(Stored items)
---*---
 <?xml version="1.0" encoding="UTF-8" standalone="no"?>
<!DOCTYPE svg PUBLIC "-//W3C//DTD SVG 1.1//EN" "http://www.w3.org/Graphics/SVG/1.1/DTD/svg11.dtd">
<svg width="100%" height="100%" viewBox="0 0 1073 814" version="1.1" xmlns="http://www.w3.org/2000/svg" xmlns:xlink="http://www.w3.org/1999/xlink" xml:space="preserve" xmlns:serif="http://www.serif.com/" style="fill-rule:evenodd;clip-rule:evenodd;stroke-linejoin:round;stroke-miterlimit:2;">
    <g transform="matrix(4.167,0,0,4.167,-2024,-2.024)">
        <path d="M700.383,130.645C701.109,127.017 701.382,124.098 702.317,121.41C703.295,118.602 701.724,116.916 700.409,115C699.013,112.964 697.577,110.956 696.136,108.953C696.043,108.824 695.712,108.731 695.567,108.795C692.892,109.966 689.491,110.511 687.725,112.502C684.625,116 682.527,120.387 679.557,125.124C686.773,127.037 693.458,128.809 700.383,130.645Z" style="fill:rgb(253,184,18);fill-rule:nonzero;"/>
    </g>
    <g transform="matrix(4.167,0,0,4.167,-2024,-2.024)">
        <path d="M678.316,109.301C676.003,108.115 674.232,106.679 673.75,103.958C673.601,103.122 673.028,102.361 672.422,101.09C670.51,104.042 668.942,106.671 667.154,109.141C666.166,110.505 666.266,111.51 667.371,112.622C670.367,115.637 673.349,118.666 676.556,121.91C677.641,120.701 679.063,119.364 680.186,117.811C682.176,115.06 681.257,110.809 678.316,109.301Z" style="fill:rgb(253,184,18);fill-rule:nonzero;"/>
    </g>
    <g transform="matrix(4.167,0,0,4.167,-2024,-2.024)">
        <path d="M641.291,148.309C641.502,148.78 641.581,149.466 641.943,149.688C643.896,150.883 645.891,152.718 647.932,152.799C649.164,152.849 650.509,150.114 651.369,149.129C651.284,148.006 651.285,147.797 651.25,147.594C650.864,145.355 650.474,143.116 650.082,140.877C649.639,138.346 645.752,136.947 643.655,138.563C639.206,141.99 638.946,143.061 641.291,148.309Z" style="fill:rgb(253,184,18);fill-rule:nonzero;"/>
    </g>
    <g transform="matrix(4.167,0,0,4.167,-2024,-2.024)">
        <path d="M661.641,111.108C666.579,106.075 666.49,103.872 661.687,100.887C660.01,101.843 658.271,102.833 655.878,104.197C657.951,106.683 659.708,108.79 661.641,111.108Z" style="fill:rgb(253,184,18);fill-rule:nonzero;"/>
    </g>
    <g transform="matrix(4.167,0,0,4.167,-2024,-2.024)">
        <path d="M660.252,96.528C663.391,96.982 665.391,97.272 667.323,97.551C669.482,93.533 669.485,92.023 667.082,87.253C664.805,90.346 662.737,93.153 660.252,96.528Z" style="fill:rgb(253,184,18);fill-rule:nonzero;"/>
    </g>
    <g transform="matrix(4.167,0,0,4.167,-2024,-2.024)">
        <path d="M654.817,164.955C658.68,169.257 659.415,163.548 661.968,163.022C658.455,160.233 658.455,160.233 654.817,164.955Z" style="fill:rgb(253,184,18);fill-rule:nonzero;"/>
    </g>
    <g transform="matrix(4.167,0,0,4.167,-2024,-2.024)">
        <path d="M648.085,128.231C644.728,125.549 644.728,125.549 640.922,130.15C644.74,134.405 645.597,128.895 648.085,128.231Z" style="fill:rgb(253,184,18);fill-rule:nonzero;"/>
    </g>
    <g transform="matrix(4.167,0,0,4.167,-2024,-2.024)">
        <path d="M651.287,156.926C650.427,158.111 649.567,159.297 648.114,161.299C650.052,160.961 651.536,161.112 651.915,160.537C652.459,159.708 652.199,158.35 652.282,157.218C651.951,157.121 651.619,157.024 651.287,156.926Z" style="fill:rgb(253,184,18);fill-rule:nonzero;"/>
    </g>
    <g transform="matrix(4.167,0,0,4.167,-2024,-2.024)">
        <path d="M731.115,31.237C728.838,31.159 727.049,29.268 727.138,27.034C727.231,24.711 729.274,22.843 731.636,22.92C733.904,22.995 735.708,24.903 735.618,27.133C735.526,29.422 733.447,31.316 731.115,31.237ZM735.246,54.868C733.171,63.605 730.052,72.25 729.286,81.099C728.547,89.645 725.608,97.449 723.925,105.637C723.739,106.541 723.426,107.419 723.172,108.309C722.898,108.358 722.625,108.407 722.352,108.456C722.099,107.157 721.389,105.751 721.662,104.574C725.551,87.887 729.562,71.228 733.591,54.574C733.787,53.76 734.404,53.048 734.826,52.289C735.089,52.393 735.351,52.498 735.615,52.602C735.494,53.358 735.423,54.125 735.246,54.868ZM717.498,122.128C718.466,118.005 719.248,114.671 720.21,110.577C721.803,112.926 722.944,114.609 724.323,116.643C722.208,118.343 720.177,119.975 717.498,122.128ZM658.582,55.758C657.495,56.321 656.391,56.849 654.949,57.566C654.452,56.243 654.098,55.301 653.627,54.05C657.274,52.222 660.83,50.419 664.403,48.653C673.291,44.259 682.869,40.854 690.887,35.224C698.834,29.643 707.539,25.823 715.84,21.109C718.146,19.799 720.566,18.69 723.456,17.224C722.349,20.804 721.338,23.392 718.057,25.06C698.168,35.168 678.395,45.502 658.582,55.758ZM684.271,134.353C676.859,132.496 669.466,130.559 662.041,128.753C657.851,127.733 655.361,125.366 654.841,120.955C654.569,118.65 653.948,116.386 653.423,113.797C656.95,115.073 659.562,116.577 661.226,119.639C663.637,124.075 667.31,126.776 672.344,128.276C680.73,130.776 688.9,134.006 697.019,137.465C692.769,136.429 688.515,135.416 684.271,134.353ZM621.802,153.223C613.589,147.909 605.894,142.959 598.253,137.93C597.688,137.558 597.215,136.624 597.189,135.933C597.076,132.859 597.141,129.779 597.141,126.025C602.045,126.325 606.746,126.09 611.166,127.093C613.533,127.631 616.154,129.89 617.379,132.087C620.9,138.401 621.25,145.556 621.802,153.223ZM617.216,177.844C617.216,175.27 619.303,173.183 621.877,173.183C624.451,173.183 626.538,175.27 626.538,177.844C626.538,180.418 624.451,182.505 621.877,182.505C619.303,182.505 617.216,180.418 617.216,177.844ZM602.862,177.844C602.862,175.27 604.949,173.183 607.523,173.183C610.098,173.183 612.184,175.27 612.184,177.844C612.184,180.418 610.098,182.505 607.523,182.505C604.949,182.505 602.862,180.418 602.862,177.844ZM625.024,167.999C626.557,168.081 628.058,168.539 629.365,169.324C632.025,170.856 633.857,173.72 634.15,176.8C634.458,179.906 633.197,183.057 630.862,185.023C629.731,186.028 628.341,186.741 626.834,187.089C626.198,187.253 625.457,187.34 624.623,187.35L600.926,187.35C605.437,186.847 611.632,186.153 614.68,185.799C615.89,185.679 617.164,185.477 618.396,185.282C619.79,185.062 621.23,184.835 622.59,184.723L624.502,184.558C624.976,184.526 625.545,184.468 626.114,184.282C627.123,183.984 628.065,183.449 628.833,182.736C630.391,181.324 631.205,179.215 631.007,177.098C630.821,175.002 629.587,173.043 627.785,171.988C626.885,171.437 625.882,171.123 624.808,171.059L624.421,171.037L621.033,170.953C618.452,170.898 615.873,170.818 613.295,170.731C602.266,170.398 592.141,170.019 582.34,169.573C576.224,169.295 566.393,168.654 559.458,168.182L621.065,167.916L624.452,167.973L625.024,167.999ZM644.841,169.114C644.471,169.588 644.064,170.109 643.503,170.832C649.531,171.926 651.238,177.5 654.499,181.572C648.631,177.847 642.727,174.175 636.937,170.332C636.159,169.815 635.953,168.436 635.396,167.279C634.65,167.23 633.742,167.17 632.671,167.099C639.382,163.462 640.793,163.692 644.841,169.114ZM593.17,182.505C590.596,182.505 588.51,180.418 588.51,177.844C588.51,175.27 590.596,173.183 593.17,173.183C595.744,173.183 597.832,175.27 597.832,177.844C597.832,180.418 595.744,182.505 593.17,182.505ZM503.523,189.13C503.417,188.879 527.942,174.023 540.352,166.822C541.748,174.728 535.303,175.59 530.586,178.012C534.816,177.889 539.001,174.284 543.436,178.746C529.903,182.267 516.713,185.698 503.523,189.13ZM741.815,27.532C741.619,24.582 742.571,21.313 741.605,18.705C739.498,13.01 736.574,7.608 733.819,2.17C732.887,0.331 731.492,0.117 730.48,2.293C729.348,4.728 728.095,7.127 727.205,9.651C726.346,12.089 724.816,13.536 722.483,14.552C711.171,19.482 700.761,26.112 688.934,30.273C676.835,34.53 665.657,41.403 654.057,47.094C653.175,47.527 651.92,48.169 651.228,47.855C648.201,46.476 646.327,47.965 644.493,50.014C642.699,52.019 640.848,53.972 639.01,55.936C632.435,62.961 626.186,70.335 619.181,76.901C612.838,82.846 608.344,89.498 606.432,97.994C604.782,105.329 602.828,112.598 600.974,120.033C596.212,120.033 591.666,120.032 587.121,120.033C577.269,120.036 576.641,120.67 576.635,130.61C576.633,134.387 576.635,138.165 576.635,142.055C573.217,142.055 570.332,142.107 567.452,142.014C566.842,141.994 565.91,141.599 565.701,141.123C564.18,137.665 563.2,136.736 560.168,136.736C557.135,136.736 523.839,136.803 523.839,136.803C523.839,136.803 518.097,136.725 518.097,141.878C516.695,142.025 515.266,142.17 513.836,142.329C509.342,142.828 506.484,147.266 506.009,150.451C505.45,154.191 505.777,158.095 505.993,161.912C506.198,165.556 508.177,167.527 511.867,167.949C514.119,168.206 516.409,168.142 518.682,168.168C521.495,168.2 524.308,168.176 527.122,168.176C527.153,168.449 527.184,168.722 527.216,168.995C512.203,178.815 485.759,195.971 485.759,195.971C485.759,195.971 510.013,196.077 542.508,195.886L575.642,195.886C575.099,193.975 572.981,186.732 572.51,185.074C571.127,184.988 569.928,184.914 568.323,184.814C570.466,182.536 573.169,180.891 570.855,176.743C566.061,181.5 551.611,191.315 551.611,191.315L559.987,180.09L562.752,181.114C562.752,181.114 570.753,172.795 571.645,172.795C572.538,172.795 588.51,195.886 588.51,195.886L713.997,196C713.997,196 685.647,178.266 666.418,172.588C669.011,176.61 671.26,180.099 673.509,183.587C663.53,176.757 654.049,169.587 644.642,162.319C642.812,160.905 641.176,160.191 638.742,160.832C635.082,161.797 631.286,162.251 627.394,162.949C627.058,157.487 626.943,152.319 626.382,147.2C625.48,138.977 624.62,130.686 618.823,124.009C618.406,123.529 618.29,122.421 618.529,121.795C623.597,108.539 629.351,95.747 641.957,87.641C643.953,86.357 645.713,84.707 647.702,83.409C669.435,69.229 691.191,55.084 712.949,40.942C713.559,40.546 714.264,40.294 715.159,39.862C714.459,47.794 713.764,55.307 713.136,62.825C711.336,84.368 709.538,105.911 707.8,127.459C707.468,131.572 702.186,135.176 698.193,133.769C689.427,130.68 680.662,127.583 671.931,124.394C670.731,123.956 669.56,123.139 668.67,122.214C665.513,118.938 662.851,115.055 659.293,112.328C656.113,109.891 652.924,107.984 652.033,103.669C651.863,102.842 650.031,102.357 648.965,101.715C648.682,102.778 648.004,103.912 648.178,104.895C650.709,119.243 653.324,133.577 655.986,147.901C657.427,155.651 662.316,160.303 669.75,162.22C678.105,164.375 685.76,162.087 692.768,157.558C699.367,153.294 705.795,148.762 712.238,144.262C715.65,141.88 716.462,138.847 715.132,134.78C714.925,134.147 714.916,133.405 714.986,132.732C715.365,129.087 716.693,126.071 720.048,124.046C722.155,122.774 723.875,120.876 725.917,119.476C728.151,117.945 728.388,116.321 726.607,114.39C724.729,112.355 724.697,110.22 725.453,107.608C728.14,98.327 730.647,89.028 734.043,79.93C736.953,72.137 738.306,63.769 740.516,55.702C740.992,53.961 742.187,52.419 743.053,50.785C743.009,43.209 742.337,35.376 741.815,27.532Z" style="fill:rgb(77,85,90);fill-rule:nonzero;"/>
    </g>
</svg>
---*---
### TASK DESCRIPTION:
Only one number is needed: please count the lines of the entries above in which the string "version" occurs.

### THE COMPLETED TASK:
2